Instructions to follow —
For the data below, please report each line where the word "task" is found.

(Records from a data collection)

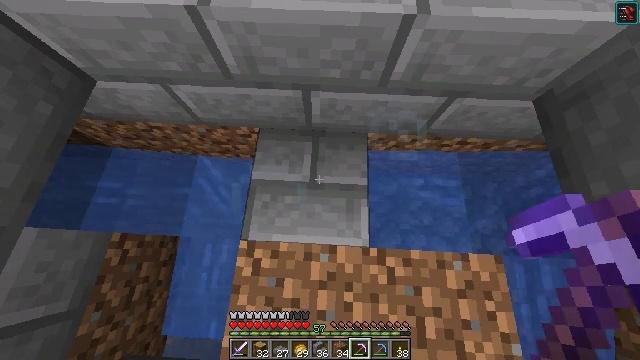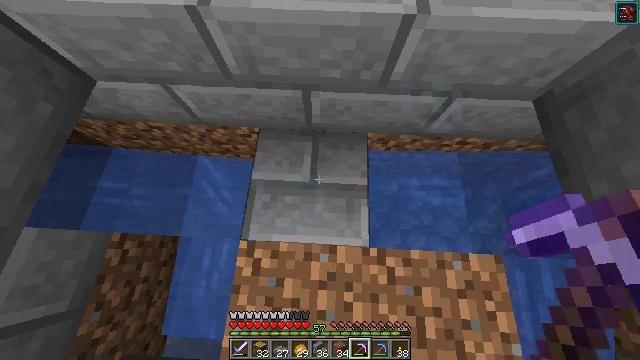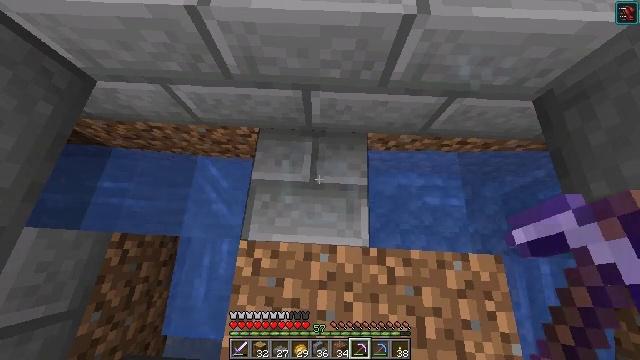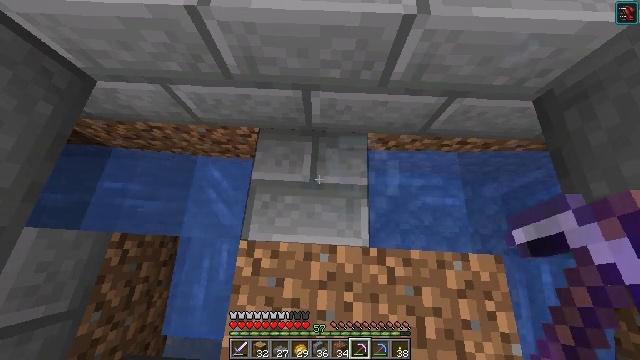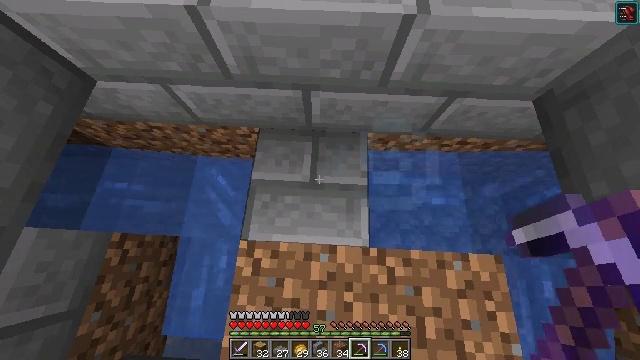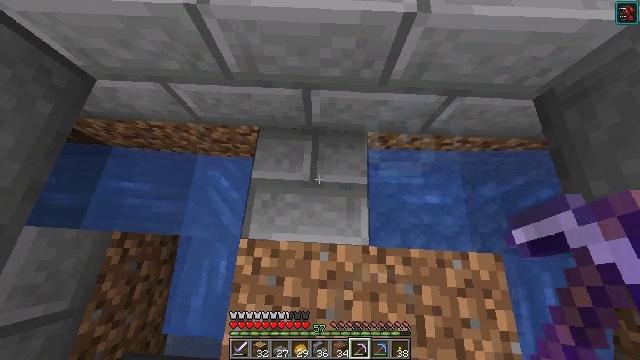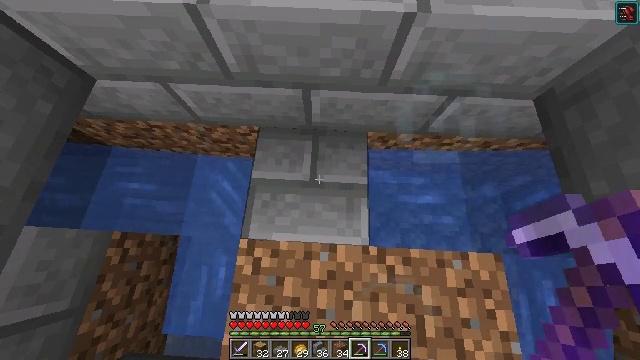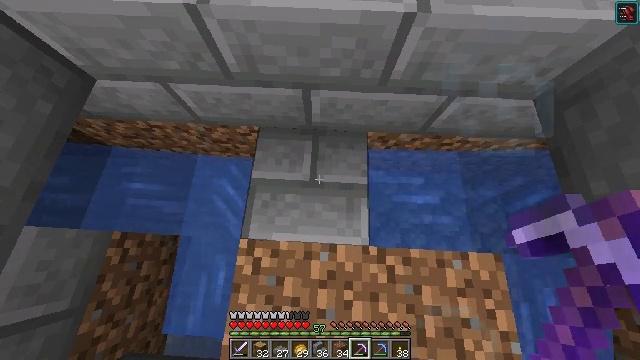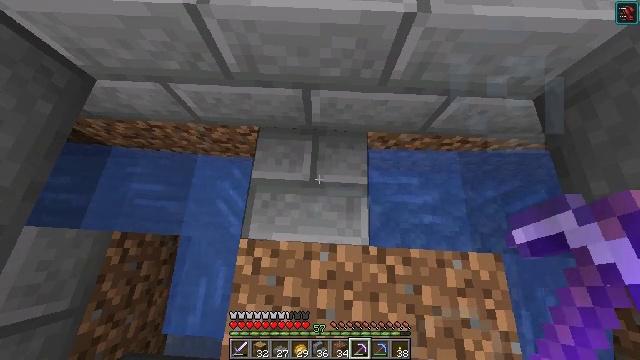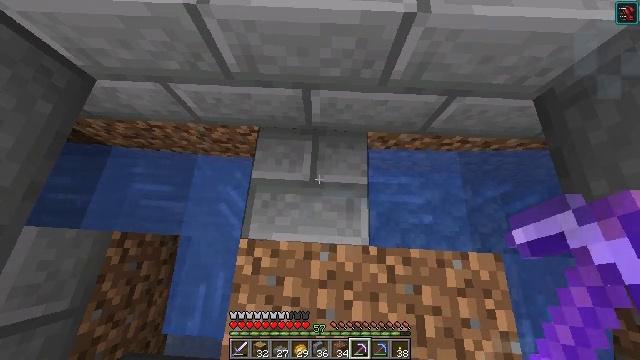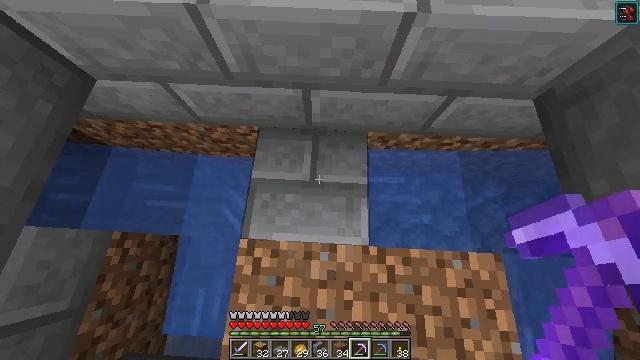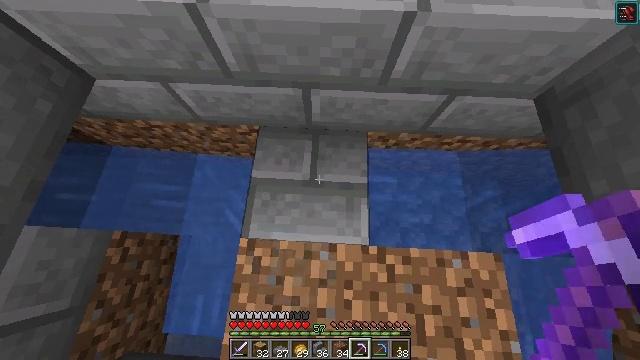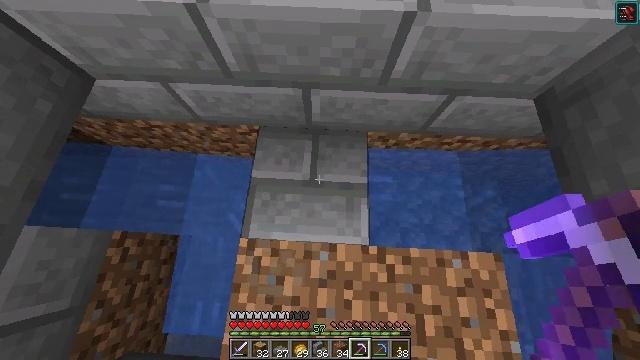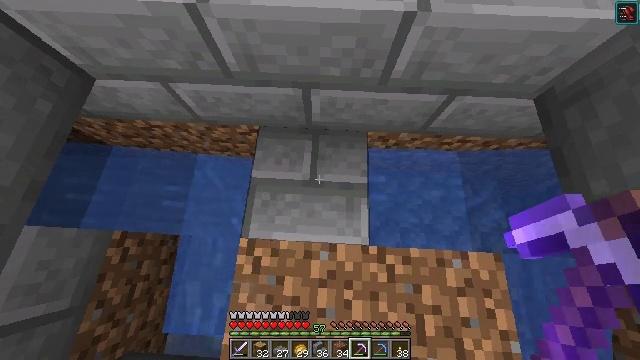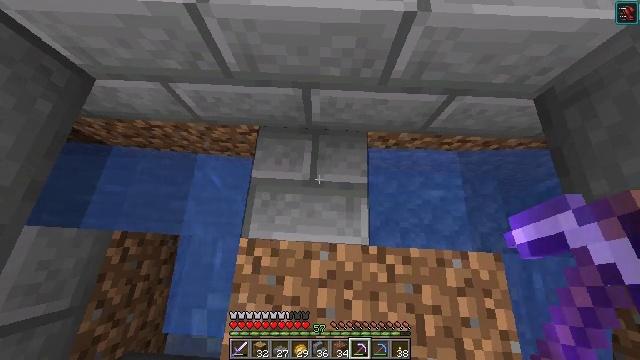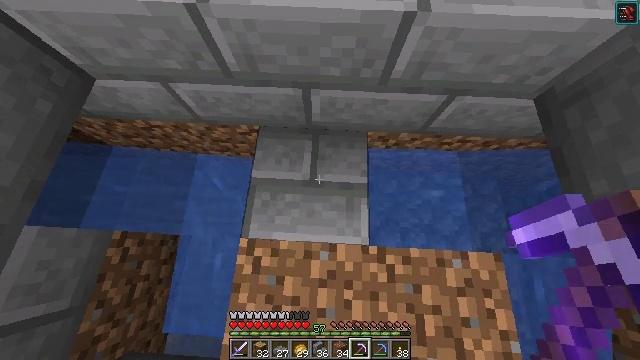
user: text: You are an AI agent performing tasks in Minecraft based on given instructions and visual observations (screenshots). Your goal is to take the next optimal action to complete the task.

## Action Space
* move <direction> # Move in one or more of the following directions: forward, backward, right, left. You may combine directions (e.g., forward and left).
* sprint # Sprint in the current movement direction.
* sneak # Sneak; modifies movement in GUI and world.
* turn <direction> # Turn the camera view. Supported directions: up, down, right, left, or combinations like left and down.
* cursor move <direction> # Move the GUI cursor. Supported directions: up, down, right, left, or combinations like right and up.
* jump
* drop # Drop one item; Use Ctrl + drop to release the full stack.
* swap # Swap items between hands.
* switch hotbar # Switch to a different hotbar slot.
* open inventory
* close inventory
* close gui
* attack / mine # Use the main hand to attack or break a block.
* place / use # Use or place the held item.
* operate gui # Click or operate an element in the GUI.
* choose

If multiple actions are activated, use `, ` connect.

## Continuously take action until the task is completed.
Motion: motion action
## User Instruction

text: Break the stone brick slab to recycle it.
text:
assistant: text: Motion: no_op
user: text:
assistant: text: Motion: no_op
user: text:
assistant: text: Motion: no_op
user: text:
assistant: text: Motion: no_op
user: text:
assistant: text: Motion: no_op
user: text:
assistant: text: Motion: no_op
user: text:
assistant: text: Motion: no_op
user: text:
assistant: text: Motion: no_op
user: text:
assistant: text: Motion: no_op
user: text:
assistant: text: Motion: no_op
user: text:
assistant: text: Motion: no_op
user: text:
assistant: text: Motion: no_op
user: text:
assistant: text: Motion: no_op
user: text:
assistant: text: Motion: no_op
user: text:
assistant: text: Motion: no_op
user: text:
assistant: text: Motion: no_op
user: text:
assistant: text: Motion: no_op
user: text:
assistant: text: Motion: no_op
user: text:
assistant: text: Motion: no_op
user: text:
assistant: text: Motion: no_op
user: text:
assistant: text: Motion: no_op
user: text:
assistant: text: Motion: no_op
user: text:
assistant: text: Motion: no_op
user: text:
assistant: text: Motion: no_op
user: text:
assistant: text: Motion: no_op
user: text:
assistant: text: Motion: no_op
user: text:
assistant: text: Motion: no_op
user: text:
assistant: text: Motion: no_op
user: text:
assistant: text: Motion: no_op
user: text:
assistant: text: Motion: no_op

* * *

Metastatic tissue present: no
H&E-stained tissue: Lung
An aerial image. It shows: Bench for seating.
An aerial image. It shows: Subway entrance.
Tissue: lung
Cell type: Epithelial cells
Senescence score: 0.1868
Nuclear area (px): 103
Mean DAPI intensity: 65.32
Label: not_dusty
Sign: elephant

Response box —
user: text: You are an AI agent performing tasks in Minecraft based on given instructions and visual observations (screenshots). Your goal is to take the next optimal action to complete the task.
## Continuously take action until the task is completed.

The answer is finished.